Cidades

PC finalizou que padrasto não foi responsável pela morte do menino Danilo

Segundo a Força-tarefa a conclusão das investigações comprovou que Hian Alves de Oliveira, 18 anos, matou a criança sozinho, em 21 de julho

diario da manha
Foto: Reprodução

De acordo com a confirmação da Polícia Civil (PC), na última segunda-feira (10), o ajudante de pedreiro Hian Alves de Oliveira, 18 anos, foi indiciado pela morte do menino Danilo de Souza Silva, 7 anos, que foi executado em um lamaçal, em uma mata, a 100 metros da sua casa, no Parque Santa Rita, em Goiânia. O padrasto do garoto, visto inicialmente como suspeito de cometer o crime, foi inocentado no decorrer das investigações.

Ainda de acordo com a PC, o Ministério Público de Goiás (MP-GO), deve pedir a soltura do padrasto de Danilo, Reginaldo Lima Santos, que foi detido junto com Hian, em 31 de Julho, por suspeita de envolvimento no crime. Seguindo os trâmites legais, como a prisão preventiva foi decretada pela Justiça, a revogação também deve ocorrer pelo próprio Judiciário.

Para a defesa de Hian de Oliveira, afirmou que ” vai acompanhar todo o procedimento para garantir que sejam cumpridas todas as formalidades e sustenta a inocência”, do cliente.
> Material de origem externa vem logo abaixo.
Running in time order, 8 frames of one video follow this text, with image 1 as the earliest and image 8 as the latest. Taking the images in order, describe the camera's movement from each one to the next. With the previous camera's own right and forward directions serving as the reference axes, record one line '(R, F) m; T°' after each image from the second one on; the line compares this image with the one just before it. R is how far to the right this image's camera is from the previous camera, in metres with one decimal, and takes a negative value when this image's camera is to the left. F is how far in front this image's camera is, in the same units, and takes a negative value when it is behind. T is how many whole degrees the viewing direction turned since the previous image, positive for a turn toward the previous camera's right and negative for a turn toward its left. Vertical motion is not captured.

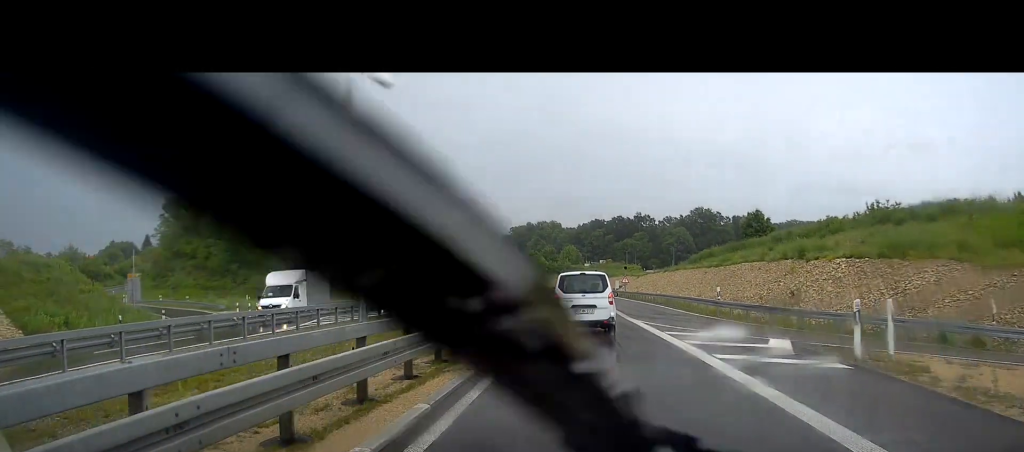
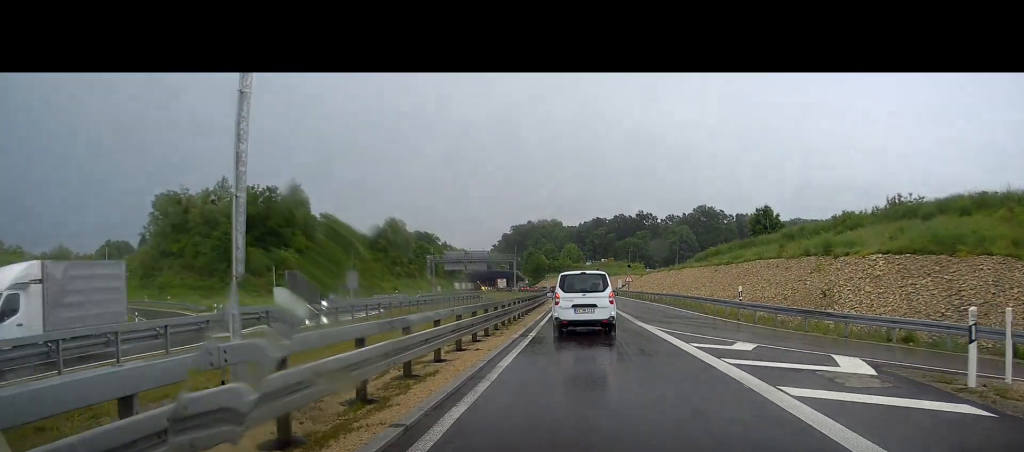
(+0.2, +4.3) m; 0°
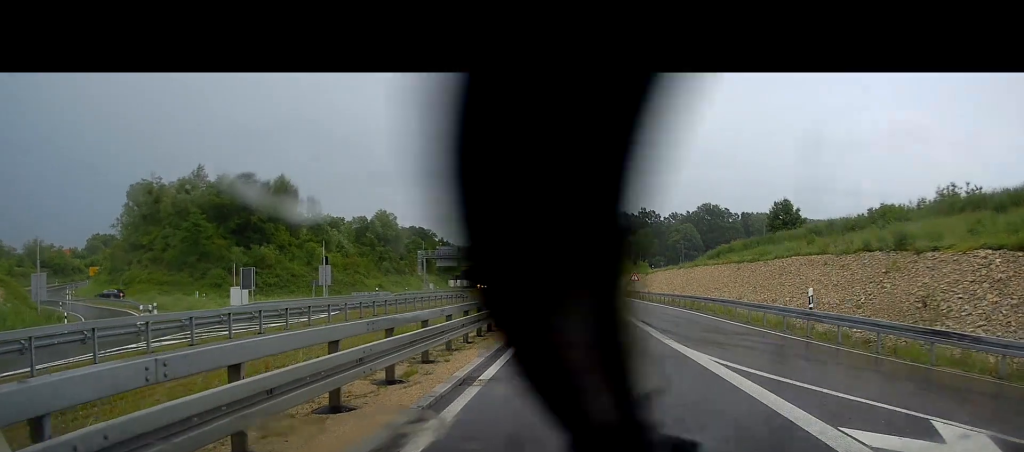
(-0.3, +8.9) m; +2°
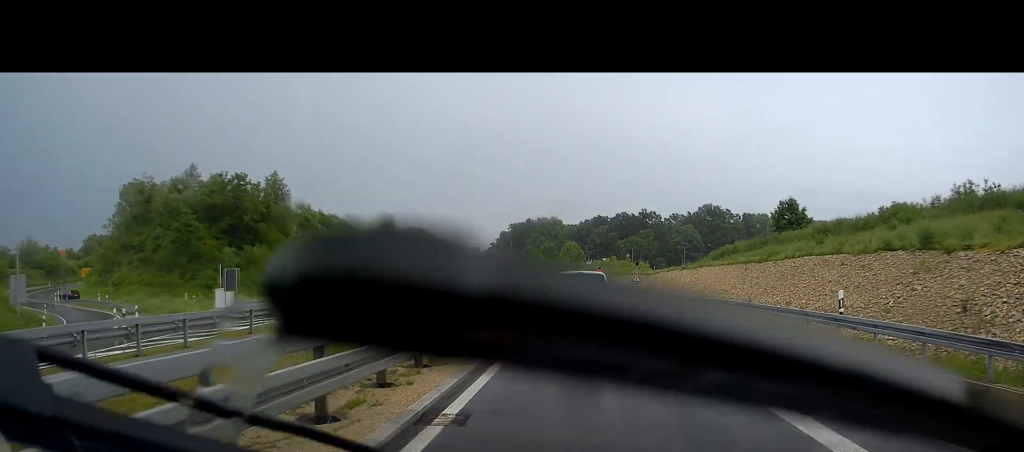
(+0.1, +2.4) m; +1°
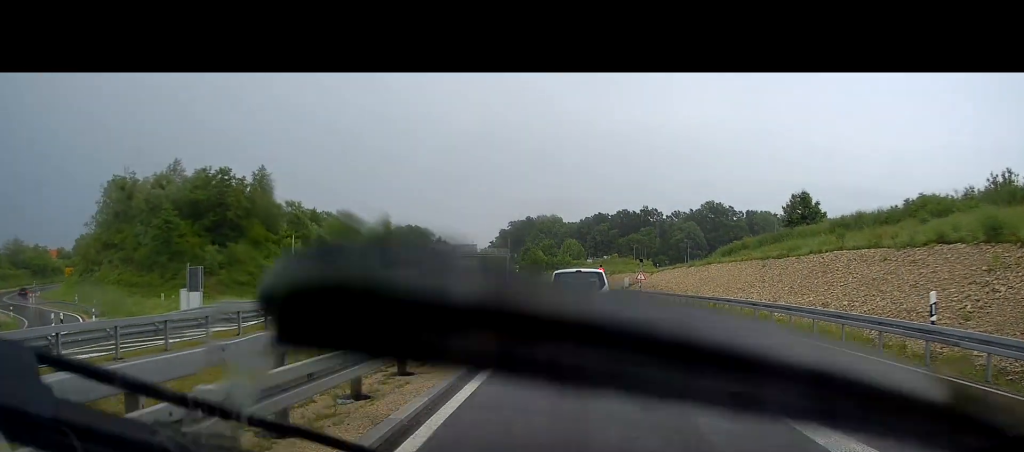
(-0.2, +4.9) m; -3°
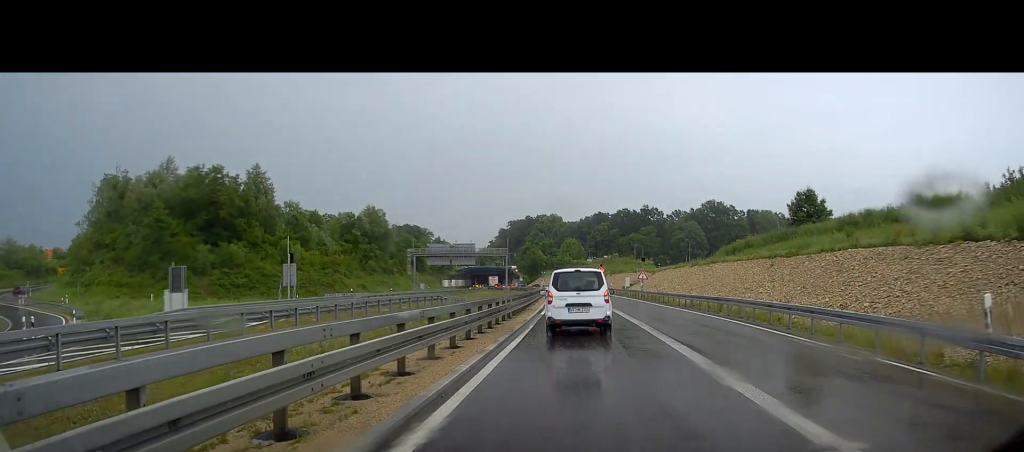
(-0.2, +2.0) m; 0°
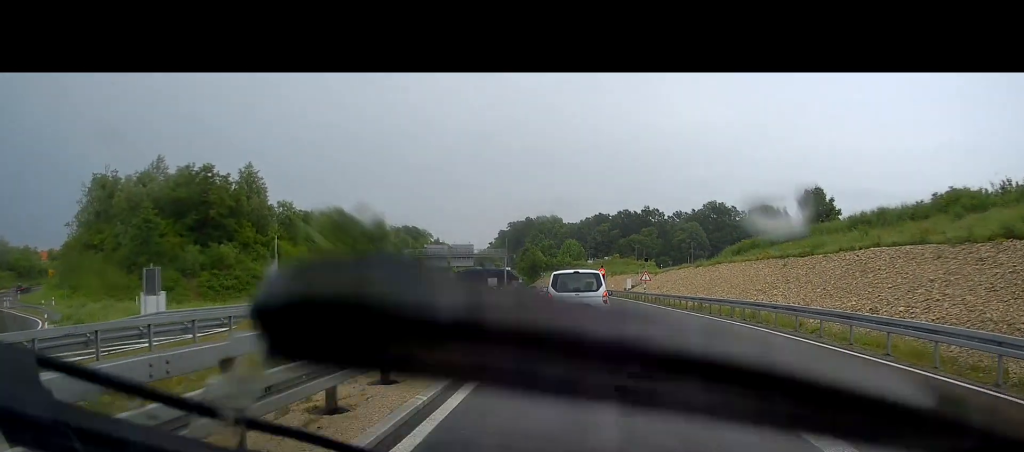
(+0.3, +2.8) m; 0°
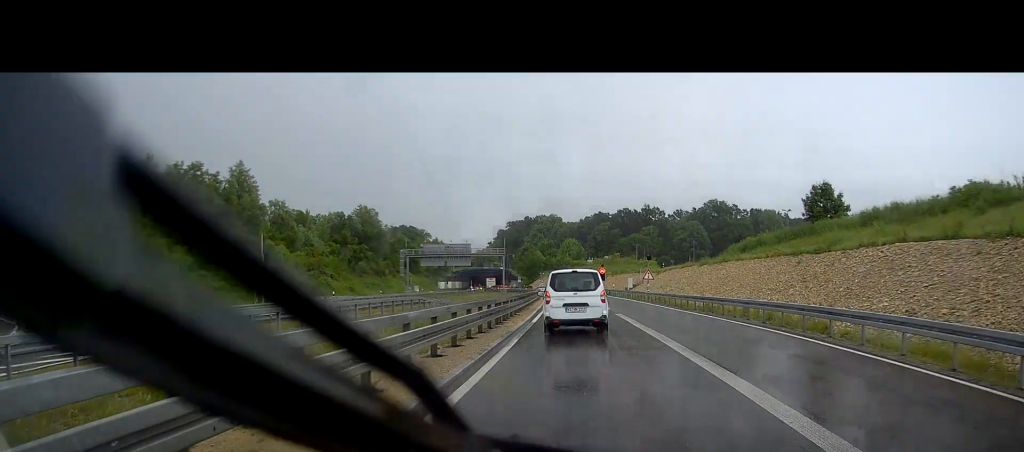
(-0.1, +2.7) m; -1°

Os advogados não acreditam na motivação que consta na conclusão do inquérito, de que ele tinha ciúmes do padrasto da vítima.

Em nota, o MP-GO considerou que o inquérito após chegar a instituição será distribuído e em seguida analisado pelo promotor ou promotora designado automaticamente para atuar no caso. “Somente após a análise é que o promotor ou promotora designado irá se manifestar”, completou o comunicado.

Segundo o site G1, conforme relatos da família à PC, Danilo de Souza sumiu no último dia 21 de julho, afirmando ao sair que iria até a casa da avó. Entretanto, seis dias depois, um corpo com as características da criança foi encontrado na região, para no dia posterior ser confirmado pela corporação que se tratava do menino desaparecido.

A morte de Danilo Souza

Segundo o delegado titular da Delegacia de Investigação de Homicídios (DIH), Rilmo Braga, que diligenciou a força-tarefa criada para investigar o crime, Hian Alves que era vizinho da família, atraiu Danilo para a mata, afirmando que buscariam juntos uma pipa que caiu no meio das árvores.

“Ele atraiu o menino para o local dizendo que iria pegar uma pipa e o asfixiou na lama até a morte. Após isso, ouviu um suspiro e, com a ajuda da vara, cutucou para saber se ele já estava morto”.

Ainda para a PC, o servente de pedreiro tinha “certeza que Reginaldo seria apontado como autor do crime, por conta dos antecedentes criminais”, pois já tinha passagem pela polícia por tentativa de homicídio contra sua mulher [mãe do Danilo].

“Ele sentia ciúmes do pai adotivo, o pastor, porque presenciou ajuda financeira para a família do Danilo. O pastor tinha costume de ajudar famílias, mas, nos últimos meses, ele acolhia mais a família do menino”, ressaltou o delegado.

Segundo Braga, Hian Alves planejou a morte de Danilo por cinco dias consecutivos, inclusive analisando toda a rotina da família e como agiria para que a responsabilidade do crime recaísse sobre o padrasto.

O delegado afirmou que as diligências e a reprodução simulada ajudaram a esclarecer que o ajudante de pedreiro cometeu o crime sozinho. Ele será indiciado pelos crimes de homicídio qualificado e ocultação de cadáver.

“Hian contou que a madeira usada estava na casa do pastor, em que ele morava. Achamos estranho. Encontramos a vara e, após isso, colhemos novos depoimentos. Ele então afirmou que não teria a participação do padrasto”, reforçou Braga.